My first approach was to yell and complain in the general direction of the Linux community, but this didn't actually fix the problem. Instead, I wrote a wrapper around OpenAL, so that we could resolve function pointers from libraries opened with dlopen. Then I set X-Plane up to first try libopenal.so.1 and then libopenal.so.0.
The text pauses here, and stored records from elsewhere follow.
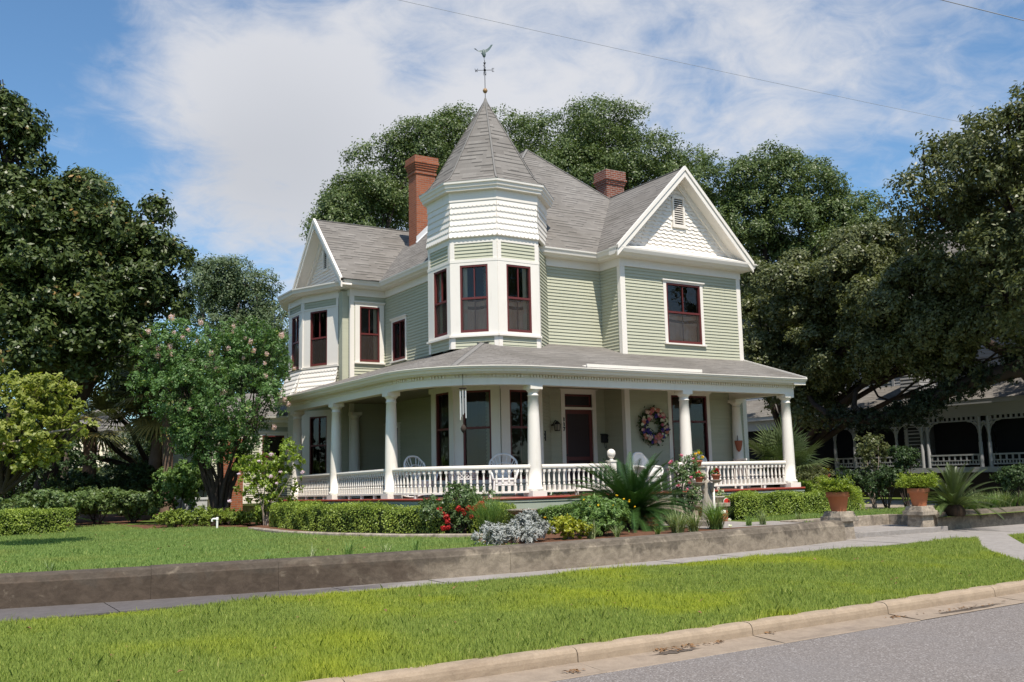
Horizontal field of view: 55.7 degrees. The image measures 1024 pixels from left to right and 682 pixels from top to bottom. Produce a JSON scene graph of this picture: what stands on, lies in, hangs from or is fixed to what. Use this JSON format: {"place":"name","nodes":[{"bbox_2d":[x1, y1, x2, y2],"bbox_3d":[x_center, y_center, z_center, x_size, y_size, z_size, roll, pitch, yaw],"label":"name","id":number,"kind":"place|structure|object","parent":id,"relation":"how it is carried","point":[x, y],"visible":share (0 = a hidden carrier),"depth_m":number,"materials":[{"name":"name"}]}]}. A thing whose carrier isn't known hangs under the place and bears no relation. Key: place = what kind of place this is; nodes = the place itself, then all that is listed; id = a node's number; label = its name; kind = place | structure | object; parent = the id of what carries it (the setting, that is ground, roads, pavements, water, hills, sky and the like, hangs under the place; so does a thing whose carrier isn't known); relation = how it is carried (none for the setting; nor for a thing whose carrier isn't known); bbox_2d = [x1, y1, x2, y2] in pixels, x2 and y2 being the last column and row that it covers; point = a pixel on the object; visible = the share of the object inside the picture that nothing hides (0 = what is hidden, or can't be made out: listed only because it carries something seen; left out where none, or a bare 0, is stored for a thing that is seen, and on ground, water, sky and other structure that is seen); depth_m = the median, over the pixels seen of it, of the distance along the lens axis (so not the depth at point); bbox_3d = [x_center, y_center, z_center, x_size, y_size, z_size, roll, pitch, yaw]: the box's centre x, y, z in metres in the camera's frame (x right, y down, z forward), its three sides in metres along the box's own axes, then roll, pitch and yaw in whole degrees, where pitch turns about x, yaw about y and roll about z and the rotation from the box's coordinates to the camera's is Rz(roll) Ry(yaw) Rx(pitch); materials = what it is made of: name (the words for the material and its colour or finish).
{"place":"outdoors","nodes":[
{"label":"outdoors","id":0,"kind":"place"},
{"bbox_2d":[68,410,142,477],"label":"distant house","id":1,"kind":"structure","parent":0,"point":[103,429],"depth_m":68.04,"materials":[{"name":"beige paint"}]},
{"bbox_2d":[3,529,970,680],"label":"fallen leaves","id":2,"kind":"object","parent":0,"point":[419,595],"visible":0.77,"depth_m":13.04,"materials":[{"name":"brown plant"}]},
{"bbox_2d":[460,487,527,532],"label":"fountain grass","id":3,"kind":"object","parent":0,"point":[490,514],"depth_m":19.68,"materials":[{"name":"green plant"}]},
{"bbox_2d":[0,524,1023,621],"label":"pavement","id":4,"kind":"structure","parent":0,"point":[87,609],"depth_m":14.50,"materials":[{"name":"concrete"}]},
{"bbox_2d":[820,511,858,540],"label":"gate pier","id":5,"kind":"structure","parent":4,"relation":"on","point":[847,518],"depth_m":21.41,"materials":[{"name":"grey concrete"}]},
{"bbox_2d":[812,474,870,513],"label":"potted fern","id":6,"kind":"object","parent":5,"relation":"on","point":[838,494],"visible":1,"depth_m":21.49,"materials":[{"name":"green plant"}]},
{"bbox_2d":[854,524,947,537],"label":"entrance slab","id":7,"kind":"structure","parent":4,"relation":"on","point":[877,530],"depth_m":22.79,"materials":[{"name":"concrete"}]},
{"bbox_2d":[780,514,907,526],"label":"slab kerb","id":8,"kind":"structure","parent":7,"relation":"on","point":[880,519],"depth_m":24.39,"materials":[{"name":"grey concrete"}]},
{"bbox_2d":[0,0,1023,484],"label":"sky","id":9,"kind":"structure","parent":0,"point":[238,110],"materials":[{"name":"blue"}]},
{"bbox_2d":[116,531,1012,640],"bbox_3d":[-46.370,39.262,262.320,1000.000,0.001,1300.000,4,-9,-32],"label":"ground","id":10,"kind":"structure","parent":0,"point":[869,541],"depth_m":14.37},
{"bbox_2d":[0,531,1023,681],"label":"verge","id":11,"kind":"structure","parent":10,"relation":"on","point":[395,638],"depth_m":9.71,"materials":[{"name":"green plant"}]},
{"bbox_2d":[0,492,1023,570],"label":"yard","id":12,"kind":"structure","parent":10,"relation":"on","point":[147,522],"depth_m":25.45,"materials":[{"name":"green plant"}]},
{"bbox_2d":[1,467,39,505],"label":"shrub","id":13,"kind":"object","parent":12,"relation":"on","point":[30,486],"visible":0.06,"depth_m":41.37,"materials":[{"name":"green plant"}]},
{"bbox_2d":[0,507,75,535],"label":"boxwood hedge","id":14,"kind":"object","parent":12,"relation":"on","point":[20,521],"visible":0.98,"depth_m":24.45,"materials":[{"name":"green plant"}]},
{"bbox_2d":[0,451,98,508],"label":"shrub","id":15,"kind":"object","parent":12,"relation":"on","point":[31,481],"visible":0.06,"depth_m":42.54,"materials":[{"name":"green plant"}]},
{"bbox_2d":[0,370,99,495],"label":"dogwood","id":16,"kind":"object","parent":12,"relation":"on","point":[13,466],"visible":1,"depth_m":19.96,"materials":[{"name":"green plant"}]},
{"bbox_2d":[96,432,148,487],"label":"garden shrub","id":17,"kind":"object","parent":12,"relation":"on","point":[134,454],"visible":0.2,"depth_m":42.22,"materials":[{"name":"green plant"}]},
{"bbox_2d":[111,490,160,523],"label":"garden shrub","id":18,"kind":"object","parent":12,"relation":"on","point":[141,502],"visible":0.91,"depth_m":30.06,"materials":[{"name":"green plant"}]},
{"bbox_2d":[108,342,215,519],"bbox_3d":[-11.732,2.947,32.944,4.094,6.396,3.822,4,-9,-32],"label":"cabbage palm","id":19,"kind":"object","parent":12,"relation":"on","point":[167,461],"visible":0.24,"depth_m":32.69,"materials":[{"name":"green plant"}]},
{"bbox_2d":[151,459,202,510],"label":"garden shrub","id":20,"kind":"object","parent":12,"relation":"on","point":[182,479],"visible":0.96,"depth_m":30.54,"materials":[{"name":"green plant"}]},
{"bbox_2d":[184,497,209,518],"bbox_3d":[-10.493,5.602,32.396,0.760,0.720,0.760,0,-8,-7],"label":"cooling unit","id":21,"kind":"object","parent":12,"relation":"on","point":[204,501],"visible":0.16,"depth_m":32.10,"materials":[{"name":"grey metal"}]},
{"bbox_2d":[177,253,288,392],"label":"oak","id":22,"kind":"object","parent":12,"relation":"on","point":[226,286],"visible":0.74,"depth_m":57.71,"materials":[{"name":"green plant"}]},
{"bbox_2d":[0,517,519,572],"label":"lawn grass","id":23,"kind":"structure","parent":12,"relation":"on","point":[83,543],"depth_m":18.25,"materials":[{"name":"green plant"}]},
{"bbox_2d":[248,527,482,537],"bbox_3d":[-3.674,4.297,21.556,8.195,0.130,1.200,-7,-10,37],"label":"bed edging","id":24,"kind":"object","parent":12,"relation":"on","point":[362,534],"visible":0.49,"depth_m":20.48,"materials":[{"name":"grey concrete"}]},
{"bbox_2d":[299,100,520,243],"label":"live oak","id":25,"kind":"object","parent":12,"relation":"on","point":[354,198],"visible":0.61,"depth_m":54.46,"materials":[{"name":"green plant"}]},
{"bbox_2d":[66,513,769,544],"bbox_3d":[-8.980,5.291,27.862,34.325,0.001,15.783,-6,-9,29],"label":"mulch bed","id":26,"kind":"object","parent":12,"relation":"on","point":[114,518],"visible":0.18,"depth_m":22.05,"materials":[{"name":"brown soil"}]},
{"bbox_2d":[3,425,105,507],"bbox_3d":[-14.714,4.088,29.314,4.379,3.121,4.009,4,-9,-32],"label":"garden shrub","id":27,"kind":"object","parent":26,"relation":"on","point":[38,472],"visible":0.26,"depth_m":29.52,"materials":[{"name":"green plant"}]},
{"bbox_2d":[0,486,112,512],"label":"garden shrub","id":28,"kind":"object","parent":26,"relation":"on","point":[56,497],"visible":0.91,"depth_m":27.48,"materials":[{"name":"green plant"}]},
{"bbox_2d":[26,471,117,521],"bbox_3d":[-14.292,5.093,31.531,2.711,1.723,2.660,4,-9,-32],"label":"garden shrub","id":29,"kind":"object","parent":26,"relation":"on","point":[85,479],"visible":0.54,"depth_m":31.20,"materials":[{"name":"green plant"}]},
{"bbox_2d":[34,166,121,486],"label":"oak","id":30,"kind":"object","parent":26,"relation":"on","point":[113,189],"visible":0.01,"depth_m":40.83,"materials":[{"name":"green plant"}]},
{"bbox_2d":[41,376,142,517],"bbox_3d":[-15.809,3.747,36.578,4.341,5.973,5.104,4,-9,-32],"label":"cabbage palm","id":31,"kind":"object","parent":26,"relation":"on","point":[90,442],"visible":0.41,"depth_m":36.24,"materials":[{"name":"green plant"}]},
{"bbox_2d":[66,484,129,523],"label":"garden shrub","id":32,"kind":"object","parent":26,"relation":"on","point":[116,493],"visible":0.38,"depth_m":29.82,"materials":[{"name":"green plant"}]},
{"bbox_2d":[0,79,198,489],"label":"magnolia","id":33,"kind":"object","parent":26,"relation":"on","point":[78,279],"visible":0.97,"depth_m":29.83,"materials":[{"name":"green plant"}]},
{"bbox_2d":[103,460,158,498],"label":"garden shrub","id":34,"kind":"object","parent":26,"relation":"on","point":[139,477],"visible":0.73,"depth_m":32.88,"materials":[{"name":"green plant"}]},
{"bbox_2d":[0,327,287,513],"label":"shade tree","id":35,"kind":"object","parent":26,"relation":"on","point":[141,451],"visible":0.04,"depth_m":37.29,"materials":[{"name":"green plant"}]},
{"bbox_2d":[101,361,207,518],"bbox_3d":[-12.127,3.357,34.133,4.483,6.001,4.678,4,-9,-32],"label":"cabbage palm","id":36,"kind":"object","parent":26,"relation":"on","point":[150,426],"visible":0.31,"depth_m":33.53,"materials":[{"name":"green plant"}]},
{"bbox_2d":[150,508,192,527],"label":"boxwood bush","id":37,"kind":"object","parent":26,"relation":"on","point":[171,516],"visible":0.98,"depth_m":26.64,"materials":[{"name":"green plant"}]},
{"bbox_2d":[183,505,228,525],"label":"boxwood bush","id":38,"kind":"object","parent":26,"relation":"on","point":[205,516],"visible":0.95,"depth_m":26.89,"materials":[{"name":"green plant"}]},
{"bbox_2d":[123,314,295,524],"bbox_3d":[-8.564,2.270,27.933,4.724,6.165,3.503,4,-9,-32],"label":"crape myrtle","id":39,"kind":"object","parent":26,"relation":"on","point":[224,433],"visible":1,"depth_m":27.84,"materials":[{"name":"green plant"}]},
{"bbox_2d":[215,507,251,524],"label":"boxwood bush","id":40,"kind":"object","parent":26,"relation":"on","point":[234,517],"visible":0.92,"depth_m":27.31,"materials":[{"name":"green plant"}]},
{"bbox_2d":[244,508,272,524],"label":"boxwood bush","id":41,"kind":"object","parent":26,"relation":"on","point":[257,518],"visible":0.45,"depth_m":27.06,"materials":[{"name":"green plant"}]},
{"bbox_2d":[227,437,305,524],"bbox_3d":[-6.745,3.900,26.875,2.088,2.474,1.436,0,-8,-11],"label":"hibiscus","id":42,"kind":"object","parent":26,"relation":"on","point":[272,481],"visible":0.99,"depth_m":26.78,"materials":[{"name":"green plant"}]},
{"bbox_2d":[269,500,516,533],"bbox_3d":[-3.440,4.154,23.079,8.536,0.761,2.049,-8,-10,41],"label":"boxwood hedge","id":43,"kind":"object","parent":26,"relation":"on","point":[358,517],"visible":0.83,"depth_m":21.97,"materials":[{"name":"green plant"}]},
{"bbox_2d":[414,479,494,533],"bbox_3d":[-1.220,3.563,20.721,1.791,1.218,1.390,0,-8,-9],"label":"red rose bush","id":44,"kind":"object","parent":26,"relation":"on","point":[461,493],"visible":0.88,"depth_m":20.43,"materials":[{"name":"green plant"}]},
{"bbox_2d":[469,508,555,544],"bbox_3d":[-0.007,3.381,17.579,1.846,0.673,1.053,4,-9,-32],"label":"silver shrub","id":45,"kind":"object","parent":26,"relation":"on","point":[527,526],"visible":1,"depth_m":17.34,"materials":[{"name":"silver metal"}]},
{"bbox_2d":[546,513,593,538],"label":"lime shrub","id":46,"kind":"object","parent":26,"relation":"on","point":[566,528],"visible":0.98,"depth_m":18.26,"materials":[{"name":"yellow plant"}]},
{"bbox_2d":[537,503,623,527],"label":"hedge","id":47,"kind":"object","parent":26,"relation":"on","point":[550,512],"visible":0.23,"depth_m":21.68,"materials":[{"name":"green plant"}]},
{"bbox_2d":[544,493,635,535],"bbox_3d":[1.673,3.459,19.217,1.640,0.884,1.412,-6,-9,29],"label":"daisy bush","id":48,"kind":"object","parent":26,"relation":"on","point":[605,513],"visible":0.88,"depth_m":18.98,"materials":[{"name":"green plant"}]},
{"bbox_2d":[564,451,702,532],"bbox_3d":[2.597,3.530,21.303,3.256,2.226,3.155,4,-9,-32],"label":"sago palm","id":49,"kind":"object","parent":26,"relation":"on","point":[635,488],"visible":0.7,"depth_m":20.98,"materials":[{"name":"green plant"}]},
{"bbox_2d":[658,506,693,532],"bbox_3d":[3.314,3.562,19.435,1.077,0.599,1.049,4,-9,-32],"label":"liriope","id":50,"kind":"object","parent":26,"relation":"on","point":[677,524],"visible":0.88,"depth_m":19.35,"materials":[{"name":"green plant"}]},
{"bbox_2d":[668,452,702,522],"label":"pink rose bush","id":51,"kind":"object","parent":26,"relation":"on","point":[689,469],"visible":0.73,"depth_m":22.71,"materials":[{"name":"green plant"}]},
{"bbox_2d":[679,510,702,531],"bbox_3d":[3.721,3.649,19.812,0.777,0.512,0.828,-8,-11,42],"label":"liriope","id":52,"kind":"object","parent":26,"relation":"on","point":[693,525],"visible":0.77,"depth_m":19.72,"materials":[{"name":"green plant"}]},
{"bbox_2d":[695,494,744,529],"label":"lily clump","id":53,"kind":"object","parent":26,"relation":"on","point":[715,519],"visible":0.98,"depth_m":20.39,"materials":[{"name":"green plant"}]},
{"bbox_2d":[0,520,845,608],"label":"garden wall","id":54,"kind":"structure","parent":12,"relation":"on","point":[59,587],"depth_m":14.52,"materials":[{"name":"concrete"}]},
{"bbox_2d":[173,45,806,525],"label":"victorian house","id":55,"kind":"structure","parent":12,"relation":"on","point":[527,297],"depth_m":27.78,"materials":[{"name":"green paint"}]},
{"bbox_2d":[258,431,287,475],"bbox_3d":[-8.699,4.135,34.815,1.120,1.750,0.840,4,-9,-32],"label":"window","id":56,"kind":"structure","parent":55,"relation":"in","point":[276,437],"depth_m":35.19,"materials":[{"name":"white paint"}]},
{"bbox_2d":[288,312,303,372],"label":"window","id":57,"kind":"structure","parent":55,"relation":"in","point":[296,321],"depth_m":33.39,"materials":[{"name":"white paint"}]},
{"bbox_2d":[301,409,331,490],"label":"window","id":58,"kind":"structure","parent":55,"relation":"in","point":[316,425],"depth_m":31.98,"materials":[{"name":"black glass"}]},
{"bbox_2d":[299,306,338,371],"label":"window","id":59,"kind":"structure","parent":55,"relation":"in","point":[320,326],"depth_m":32.35,"materials":[{"name":"white paint"}]},
{"bbox_2d":[354,301,385,364],"bbox_3d":[-4.839,-0.178,31.940,1.110,2.115,0.840,4,-9,-32],"label":"window","id":60,"kind":"structure","parent":55,"relation":"in","point":[369,316],"depth_m":31.85,"materials":[{"name":"white paint"}]},
{"bbox_2d":[389,314,407,363],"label":"window","id":61,"kind":"structure","parent":55,"relation":"in","point":[398,324],"depth_m":31.38,"materials":[{"name":"white paint"}]},
{"bbox_2d":[402,455,437,497],"bbox_3d":[-2.334,3.385,24.268,0.991,1.049,0.772,-8,-11,42],"label":"rocking chair","id":62,"kind":"object","parent":55,"relation":"on","point":[417,476],"visible":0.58,"depth_m":24.22,"materials":[{"name":"white wood"}]},
{"bbox_2d":[428,264,474,341],"bbox_3d":[-1.657,-0.995,26.645,0.788,2.120,1.309,4,-9,-32],"label":"window","id":63,"kind":"structure","parent":55,"relation":"in","point":[439,301],"depth_m":26.65,"materials":[{"name":"white paint"}]},
{"bbox_2d":[431,390,477,484],"bbox_3d":[-1.531,2.574,26.073,0.788,2.630,1.265,4,-9,-32],"label":"window","id":64,"kind":"structure","parent":55,"relation":"in","point":[442,404],"depth_m":25.93,"materials":[{"name":"black glass"}]},
{"bbox_2d":[459,374,466,433],"bbox_3d":[-1.139,1.451,22.553,0.180,1.410,0.175,4,-9,-32],"label":"wind chime","id":65,"kind":"object","parent":55,"relation":"hanging from","point":[463,406],"visible":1,"depth_m":22.51,"materials":[{"name":"grey metal"}]},
{"bbox_2d":[450,260,498,335],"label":"window","id":66,"kind":"structure","parent":55,"relation":"in","point":[481,320],"depth_m":25.82,"materials":[{"name":"white paint"}]},
{"bbox_2d":[454,388,501,483],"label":"window","id":67,"kind":"structure","parent":55,"relation":"in","point":[494,426],"depth_m":25.31,"materials":[{"name":"black glass"}]},
{"bbox_2d":[489,453,518,495],"bbox_3d":[-0.202,3.285,23.885,0.772,1.049,0.991,-1,-8,-4],"label":"rocking chair","id":68,"kind":"object","parent":55,"relation":"on","point":[505,474],"visible":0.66,"depth_m":23.98,"materials":[{"name":"white wood"}]},
{"bbox_2d":[497,260,540,335],"bbox_3d":[-0.013,-1.084,26.266,1.309,2.120,0.788,4,-9,-32],"label":"window","id":69,"kind":"structure","parent":55,"relation":"in","point":[518,283],"depth_m":26.11,"materials":[{"name":"white paint"}]},
{"bbox_2d":[500,389,543,482],"bbox_3d":[0.075,2.497,25.775,1.285,2.630,0.788,4,-9,-32],"label":"window","id":70,"kind":"structure","parent":55,"relation":"in","point":[513,402],"depth_m":25.81,"materials":[{"name":"black glass"}]},
{"bbox_2d":[559,388,597,491],"bbox_3d":[1.905,2.795,27.451,1.340,2.920,0.140,4,-9,-32],"label":"doorway","id":71,"kind":"structure","parent":55,"relation":"in","point":[578,446],"depth_m":27.51,"materials":[{"name":"white paint"}]},
{"bbox_2d":[632,452,663,485],"bbox_3d":[3.591,3.456,25.686,0.641,1.057,0.772,-9,-11,44],"label":"armchair","id":72,"kind":"object","parent":55,"relation":"on","point":[636,456],"visible":0.42,"depth_m":25.87,"materials":[{"name":"white wicker"}]},
{"bbox_2d":[636,405,670,446],"bbox_3d":[4.024,2.435,27.622,1.245,1.244,0.313,4,-9,-32],"label":"flower wreath","id":73,"kind":"object","parent":55,"relation":"attached to","point":[650,415],"visible":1,"depth_m":27.54,"materials":[{"name":"multicoloured plant"}]},
{"bbox_2d":[661,278,706,346],"bbox_3d":[4.943,-0.765,29.167,1.650,2.090,0.840,4,-9,-32],"label":"window","id":74,"kind":"structure","parent":55,"relation":"in","point":[683,300],"depth_m":29.17,"materials":[{"name":"white paint"}]},
{"bbox_2d":[666,391,712,488],"bbox_3d":[5.040,2.925,28.668,1.720,2.860,0.835,4,-9,-32],"label":"window","id":75,"kind":"structure","parent":55,"relation":"in","point":[699,403],"depth_m":28.97,"materials":[{"name":"black glass"}]},
{"bbox_2d":[491,92,718,491],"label":"live oak","id":76,"kind":"object","parent":12,"relation":"on","point":[588,157],"visible":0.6,"depth_m":57.50,"materials":[{"name":"green plant"}]},
{"bbox_2d":[687,134,884,328],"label":"live oak","id":77,"kind":"object","parent":12,"relation":"on","point":[765,234],"visible":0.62,"depth_m":48.35,"materials":[{"name":"green plant"}]},
{"bbox_2d":[718,487,864,520],"bbox_3d":[7.519,4.294,25.880,5.424,0.775,0.968,5,-10,-36],"label":"boxwood hedge","id":78,"kind":"object","parent":12,"relation":"on","point":[781,502],"visible":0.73,"depth_m":24.95,"materials":[{"name":"green plant"}]},
{"bbox_2d":[748,414,836,477],"bbox_3d":[8.586,3.772,30.201,3.002,3.110,3.318,4,-9,-32],"label":"fan palm","id":79,"kind":"object","parent":12,"relation":"on","point":[771,449],"visible":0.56,"depth_m":29.86,"materials":[{"name":"green plant"}]},
{"bbox_2d":[853,432,889,507],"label":"driveway shrub","id":80,"kind":"object","parent":12,"relation":"on","point":[867,452],"visible":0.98,"depth_m":29.27,"materials":[{"name":"green plant"}]},
{"bbox_2d":[740,214,1023,486],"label":"live oak","id":81,"kind":"object","parent":12,"relation":"on","point":[852,291],"visible":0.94,"depth_m":34.67,"materials":[{"name":"green plant"}]},
{"bbox_2d":[741,229,1023,497],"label":"neighbour house","id":82,"kind":"structure","parent":12,"relation":"on","point":[976,433],"depth_m":37.91,"materials":[{"name":"white paint"}]},
{"bbox_2d":[904,417,925,457],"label":"window","id":83,"kind":"structure","parent":82,"relation":"in","point":[907,433],"depth_m":38.95,"materials":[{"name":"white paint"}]},
{"bbox_2d":[859,463,910,508],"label":"driveway shrub","id":84,"kind":"object","parent":12,"relation":"on","point":[886,475],"visible":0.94,"depth_m":28.02,"materials":[{"name":"green plant"}]},
{"bbox_2d":[885,445,920,506],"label":"driveway shrub","id":85,"kind":"object","parent":12,"relation":"on","point":[905,456],"visible":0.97,"depth_m":28.38,"materials":[{"name":"green plant"}]},
{"bbox_2d":[873,80,1023,359],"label":"live oak","id":86,"kind":"object","parent":12,"relation":"on","point":[991,236],"visible":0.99,"depth_m":29.47,"materials":[{"name":"green plant"}]},
{"bbox_2d":[901,462,1008,519],"bbox_3d":[10.910,3.706,23.986,2.354,1.413,2.433,4,-9,-32],"label":"sago palm","id":87,"kind":"object","parent":12,"relation":"on","point":[952,490],"visible":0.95,"depth_m":23.77,"materials":[{"name":"green plant"}]},
{"bbox_2d":[933,506,1023,530],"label":"garden wall","id":88,"kind":"structure","parent":12,"relation":"on","point":[1014,517],"depth_m":24.62,"materials":[{"name":"concrete"}]},
{"bbox_2d":[989,462,1023,505],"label":"driveway shrub","id":89,"kind":"object","parent":12,"relation":"on","point":[1009,478],"visible":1,"depth_m":26.26,"materials":[{"name":"green plant"}]},
{"bbox_2d":[301,580,1023,681],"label":"kerb","id":90,"kind":"structure","parent":10,"relation":"on","point":[485,666],"depth_m":10.06,"materials":[{"name":"beige concrete"}]},
{"bbox_2d":[451,592,1023,681],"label":"gutter","id":91,"kind":"object","parent":10,"relation":"on","point":[585,668],"visible":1,"depth_m":10.29,"materials":[{"name":"concrete"}]},
{"bbox_2d":[564,603,993,672],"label":"leaf litter","id":92,"kind":"object","parent":91,"relation":"on","point":[577,670],"visible":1,"depth_m":10.16,"materials":[{"name":"brown plant"}]},
{"bbox_2d":[400,0,958,121],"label":"overhead wire","id":93,"kind":"object","parent":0,"point":[666,59],"visible":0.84,"depth_m":47.91,"materials":[{"name":"black metal"}]},
{"bbox_2d":[662,521,795,527],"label":"front walk","id":94,"kind":"structure","parent":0,"point":[736,524],"depth_m":22.16,"materials":[{"name":"concrete"}]},
{"bbox_2d":[693,472,721,526],"bbox_3d":[4.395,3.546,21.758,0.564,1.221,0.600,4,-9,-32],"label":"garden statue","id":95,"kind":"object","parent":94,"relation":"on","point":[707,488],"visible":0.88,"depth_m":21.80,"materials":[{"name":"stone"}]},
{"bbox_2d":[552,603,1023,681],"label":"road","id":96,"kind":"structure","parent":0,"point":[985,645],"depth_m":9.45,"materials":[{"name":"grey asphalt"}]},
{"bbox_2d":[750,504,940,521],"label":"lawn grass","id":97,"kind":"structure","parent":0,"point":[875,511],"depth_m":24.84,"materials":[{"name":"green plant"}]},
{"bbox_2d":[860,500,935,509],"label":"driveway","id":98,"kind":"structure","parent":0,"point":[894,504],"depth_m":32.09,"materials":[{"name":"grey concrete"}]},
{"bbox_2d":[796,465,834,484],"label":"driveway shrub","id":99,"kind":"object","parent":98,"relation":"on","point":[810,476],"visible":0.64,"depth_m":31.92,"materials":[{"name":"green plant"}]},
{"bbox_2d":[833,465,873,487],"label":"driveway shrub","id":100,"kind":"object","parent":98,"relation":"on","point":[857,477],"visible":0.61,"depth_m":29.19,"materials":[{"name":"green plant"}]},
{"bbox_2d":[902,506,937,526],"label":"gate pier","id":101,"kind":"structure","parent":0,"point":[920,516],"depth_m":23.36,"materials":[{"name":"grey concrete"}]},
{"bbox_2d":[892,471,940,505],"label":"potted fern","id":102,"kind":"object","parent":101,"relation":"on","point":[917,489],"visible":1,"depth_m":23.43,"materials":[{"name":"green plant"}]},
{"bbox_2d":[978,534,1023,561],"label":"crossing walk","id":103,"kind":"structure","parent":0,"point":[1010,546],"depth_m":19.44,"materials":[{"name":"concrete"}]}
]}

(Why did the .so number change? The argument is that since the .0 version contained undocumented functions, technically the removal of those undocumented functions represents an ABI breakage. I don't quite buy this, as it punishes apps that follow the OpenAL spec to protect apps that didn't play by the rules. But again, my complaining has not changed the .so naming conventions.)

Windows

The Windows world is a bit more complicated because there are two separate things to consider:
  • The implementation of OpenAL (e.g. who provided openal32.dll).
  • The renderer (e.g. which code is actually producing audio).
Basically Creative Labs wanted to create an ecosystem like OpenGL where users would have drivers installed on their machine matching specialized hardware. So the Create implementation of openal32.dll searches for one or more renderers and can pass through OpenAL commands to any one of them. The standard OpenAL "redistributable" that Creative provides contains both this wrapper and a software-only renderer on top of DirectSound (the "generic software" renderer).

OpenAL Soft makes things interesting: you can install OpenAL soft into your system folder and it becomes yet another renderer. Or you can use it instead of any of the Creative components and then you get OpenAL soft and no possible extra renderers.

Now there's one other issue: what if there is no OpenAL runtime on the user's machine? DirectSound is pretty widely available, but OpenAL is not.

Here we take advantage of our DLL wrapper from the Linux case above: we package OpenAL Soft with the app as a DLL (it's LGPL). We first try to open openal32.dll in the system folder (the official way), but if that fails, we fall back and open our own copy of LibOpenAL Soft. Now we have sound everywhere and hardware acceleration if it's available.

One final note: in order to safely support third party windows renderers like Rapture3D, we need to give the user a way to pick among multiple devices, rather than always opening the default device (which is standard practice on Mac/Linux). This can be done with some settings UI or some heuristic to pick renderers.